4. Safety and adherence is looking great
Across major 2025 clinical studies:
- Perioperative trials reported no significant increase in adverse events vs control audio.
- The chronic insomnia study below had 100% completion, no adverse effects, and high nightly adherence.
- A periodontal surgery trial using pure binaural beats noted no untoward effects while significantly lowering post-operative anxiety.
Takeaway: Binaural beats are safe, well-tolerated and “sticky” enough for real-world use.
Customised Binaural Beats for Chronic Insomnia (Lin et al., 2025)
Design: Four-week personalised-audio trial.
Key findings: Insomnia Severity Index dropped by 11 points with high adherence and no adverse events.

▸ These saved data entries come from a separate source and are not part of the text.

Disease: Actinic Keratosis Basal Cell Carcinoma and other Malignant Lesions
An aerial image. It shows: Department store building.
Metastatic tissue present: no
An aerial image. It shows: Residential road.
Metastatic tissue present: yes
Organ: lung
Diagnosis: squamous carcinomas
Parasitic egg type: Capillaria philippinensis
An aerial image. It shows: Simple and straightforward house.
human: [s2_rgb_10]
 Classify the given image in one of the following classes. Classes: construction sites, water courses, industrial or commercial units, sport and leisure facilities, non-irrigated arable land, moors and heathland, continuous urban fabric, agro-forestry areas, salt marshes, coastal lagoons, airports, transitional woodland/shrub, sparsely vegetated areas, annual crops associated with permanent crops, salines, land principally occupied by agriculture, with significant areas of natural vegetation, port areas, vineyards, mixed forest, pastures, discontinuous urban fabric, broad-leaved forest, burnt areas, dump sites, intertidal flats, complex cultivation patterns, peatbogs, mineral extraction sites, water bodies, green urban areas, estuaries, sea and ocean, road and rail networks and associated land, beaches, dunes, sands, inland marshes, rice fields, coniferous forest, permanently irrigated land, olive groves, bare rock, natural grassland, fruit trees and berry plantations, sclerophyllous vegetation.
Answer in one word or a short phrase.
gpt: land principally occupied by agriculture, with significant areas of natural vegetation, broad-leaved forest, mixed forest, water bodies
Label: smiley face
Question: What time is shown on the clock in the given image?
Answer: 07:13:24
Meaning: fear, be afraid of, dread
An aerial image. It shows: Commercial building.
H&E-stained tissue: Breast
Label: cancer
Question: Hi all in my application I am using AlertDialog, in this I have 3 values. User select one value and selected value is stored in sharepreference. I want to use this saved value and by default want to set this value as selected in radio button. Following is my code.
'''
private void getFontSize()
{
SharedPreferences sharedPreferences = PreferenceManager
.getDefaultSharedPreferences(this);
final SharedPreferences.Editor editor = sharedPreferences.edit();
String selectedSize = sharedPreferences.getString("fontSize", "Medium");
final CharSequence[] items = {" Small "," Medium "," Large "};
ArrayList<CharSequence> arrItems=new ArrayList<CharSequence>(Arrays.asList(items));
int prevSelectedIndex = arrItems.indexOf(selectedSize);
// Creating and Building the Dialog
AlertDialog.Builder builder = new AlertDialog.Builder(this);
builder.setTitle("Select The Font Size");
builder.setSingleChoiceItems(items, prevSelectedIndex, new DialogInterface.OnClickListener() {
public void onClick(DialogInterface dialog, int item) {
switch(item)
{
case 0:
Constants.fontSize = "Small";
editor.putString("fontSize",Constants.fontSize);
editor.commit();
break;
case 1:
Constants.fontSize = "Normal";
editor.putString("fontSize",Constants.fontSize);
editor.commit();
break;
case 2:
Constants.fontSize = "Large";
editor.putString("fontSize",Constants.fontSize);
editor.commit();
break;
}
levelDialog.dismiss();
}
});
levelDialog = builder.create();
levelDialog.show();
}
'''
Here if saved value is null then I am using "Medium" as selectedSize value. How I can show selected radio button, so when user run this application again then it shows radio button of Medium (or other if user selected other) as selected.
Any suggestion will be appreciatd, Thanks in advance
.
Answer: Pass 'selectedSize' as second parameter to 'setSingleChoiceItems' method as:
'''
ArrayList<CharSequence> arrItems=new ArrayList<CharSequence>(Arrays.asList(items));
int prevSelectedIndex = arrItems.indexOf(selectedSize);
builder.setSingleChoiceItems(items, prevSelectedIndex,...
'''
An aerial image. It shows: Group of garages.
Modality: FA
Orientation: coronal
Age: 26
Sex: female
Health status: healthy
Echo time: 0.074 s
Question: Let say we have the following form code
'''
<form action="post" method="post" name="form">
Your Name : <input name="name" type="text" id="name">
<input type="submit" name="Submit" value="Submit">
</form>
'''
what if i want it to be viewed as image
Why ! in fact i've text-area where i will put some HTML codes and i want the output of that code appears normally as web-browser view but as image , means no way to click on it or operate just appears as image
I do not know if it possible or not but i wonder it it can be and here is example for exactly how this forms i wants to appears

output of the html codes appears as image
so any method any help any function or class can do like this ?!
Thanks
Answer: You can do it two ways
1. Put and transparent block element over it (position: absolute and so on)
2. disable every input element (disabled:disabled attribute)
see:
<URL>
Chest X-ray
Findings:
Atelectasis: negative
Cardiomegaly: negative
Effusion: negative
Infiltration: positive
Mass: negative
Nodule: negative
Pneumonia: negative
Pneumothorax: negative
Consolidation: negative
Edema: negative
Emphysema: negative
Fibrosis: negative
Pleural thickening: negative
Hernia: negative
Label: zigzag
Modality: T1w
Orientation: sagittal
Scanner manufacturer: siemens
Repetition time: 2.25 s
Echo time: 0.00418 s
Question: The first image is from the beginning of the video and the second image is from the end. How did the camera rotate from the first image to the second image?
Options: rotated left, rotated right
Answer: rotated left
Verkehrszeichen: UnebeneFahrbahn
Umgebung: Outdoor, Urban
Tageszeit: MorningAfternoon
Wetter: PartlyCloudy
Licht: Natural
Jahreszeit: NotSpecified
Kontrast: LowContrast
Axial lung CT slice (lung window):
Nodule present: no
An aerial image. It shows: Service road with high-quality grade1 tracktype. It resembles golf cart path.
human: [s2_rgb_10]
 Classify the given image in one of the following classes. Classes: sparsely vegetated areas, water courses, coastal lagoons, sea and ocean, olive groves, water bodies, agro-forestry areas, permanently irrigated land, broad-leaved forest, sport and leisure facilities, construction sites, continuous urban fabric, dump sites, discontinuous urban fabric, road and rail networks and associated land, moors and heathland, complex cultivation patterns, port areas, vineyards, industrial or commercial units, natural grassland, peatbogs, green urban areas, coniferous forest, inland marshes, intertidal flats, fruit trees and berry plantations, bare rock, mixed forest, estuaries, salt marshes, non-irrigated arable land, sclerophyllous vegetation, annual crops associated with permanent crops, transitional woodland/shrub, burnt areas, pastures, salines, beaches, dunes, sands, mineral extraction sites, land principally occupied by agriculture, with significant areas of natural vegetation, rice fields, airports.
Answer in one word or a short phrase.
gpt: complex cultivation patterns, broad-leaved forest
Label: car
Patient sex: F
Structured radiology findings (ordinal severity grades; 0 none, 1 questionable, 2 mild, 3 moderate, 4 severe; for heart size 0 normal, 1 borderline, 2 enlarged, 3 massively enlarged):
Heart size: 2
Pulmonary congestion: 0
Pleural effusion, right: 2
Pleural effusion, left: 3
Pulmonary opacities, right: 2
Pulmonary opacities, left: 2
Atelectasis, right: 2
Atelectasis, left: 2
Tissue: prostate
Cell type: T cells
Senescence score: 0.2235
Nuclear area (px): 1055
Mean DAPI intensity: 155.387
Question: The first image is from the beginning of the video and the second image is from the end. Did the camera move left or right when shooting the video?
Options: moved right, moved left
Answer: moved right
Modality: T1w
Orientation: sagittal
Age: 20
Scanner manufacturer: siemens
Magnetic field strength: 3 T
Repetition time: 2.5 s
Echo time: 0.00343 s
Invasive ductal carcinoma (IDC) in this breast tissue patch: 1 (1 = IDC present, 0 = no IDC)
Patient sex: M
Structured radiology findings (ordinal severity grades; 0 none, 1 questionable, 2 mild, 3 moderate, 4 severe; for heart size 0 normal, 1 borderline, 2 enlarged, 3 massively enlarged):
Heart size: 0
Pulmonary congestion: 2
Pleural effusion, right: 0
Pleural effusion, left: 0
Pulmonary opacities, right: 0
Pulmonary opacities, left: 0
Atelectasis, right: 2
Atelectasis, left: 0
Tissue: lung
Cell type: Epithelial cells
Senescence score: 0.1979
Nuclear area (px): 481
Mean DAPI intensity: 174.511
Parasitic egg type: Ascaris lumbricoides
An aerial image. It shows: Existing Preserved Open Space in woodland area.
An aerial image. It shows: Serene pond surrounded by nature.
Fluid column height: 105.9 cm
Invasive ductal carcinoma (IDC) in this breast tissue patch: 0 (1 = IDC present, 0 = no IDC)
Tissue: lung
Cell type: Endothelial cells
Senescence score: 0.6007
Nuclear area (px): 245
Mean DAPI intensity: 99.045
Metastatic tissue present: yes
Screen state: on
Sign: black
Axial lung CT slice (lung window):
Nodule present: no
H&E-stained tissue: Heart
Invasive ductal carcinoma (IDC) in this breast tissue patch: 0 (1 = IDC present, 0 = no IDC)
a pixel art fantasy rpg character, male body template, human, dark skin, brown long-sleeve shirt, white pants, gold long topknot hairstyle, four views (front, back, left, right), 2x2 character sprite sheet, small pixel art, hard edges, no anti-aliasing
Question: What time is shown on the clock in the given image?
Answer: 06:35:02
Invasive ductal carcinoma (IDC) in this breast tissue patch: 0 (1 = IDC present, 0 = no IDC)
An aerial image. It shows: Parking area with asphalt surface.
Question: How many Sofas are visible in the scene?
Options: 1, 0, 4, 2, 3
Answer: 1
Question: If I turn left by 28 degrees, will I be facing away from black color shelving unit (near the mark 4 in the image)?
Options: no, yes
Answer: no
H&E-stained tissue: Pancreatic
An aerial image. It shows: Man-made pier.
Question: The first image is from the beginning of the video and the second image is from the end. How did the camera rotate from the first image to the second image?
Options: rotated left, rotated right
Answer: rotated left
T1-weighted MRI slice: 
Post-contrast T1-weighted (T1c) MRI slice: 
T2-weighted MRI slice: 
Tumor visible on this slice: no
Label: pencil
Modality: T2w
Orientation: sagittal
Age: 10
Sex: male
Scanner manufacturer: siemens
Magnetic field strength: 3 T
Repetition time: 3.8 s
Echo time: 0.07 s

5. Binaural beats are powerful but must be done right
The Scientific Reports study above confirmed robust EEG entrainment but minimal impact on sustained attention unless parameters were properly tuned. Other reviews also highlighted high heterogeneity, again indicating that the right approach with binaural beats is a personalised one where the individual, their preferences, state and biomeasures, are taken into account.
Takeaway: Binaural beats are best viewed as a targeted tool, particularly promising for anxiety, pain and sleep, rather than a universal cognitive enhancer.
This is no magic bullet but applied in the right, science informed ways, this new form of functional music can really make a difference to the nervous system and related wellbeing outcomes.
Where This Leaves Us for 2026 and Where Audicin Fits Right In
Scientific validation is growing stronger every month, mechanistic clarity is improving, and personalisation is the future.
For a company like Audicin, this year’s science reinforces our core idea: that carefully-crafted, personalised music, tuned to brain state, context and individual differences, is where the application of binaural beats transitions from a scientific curiosity to a meaningful everyday on-the-go wellbeing tool.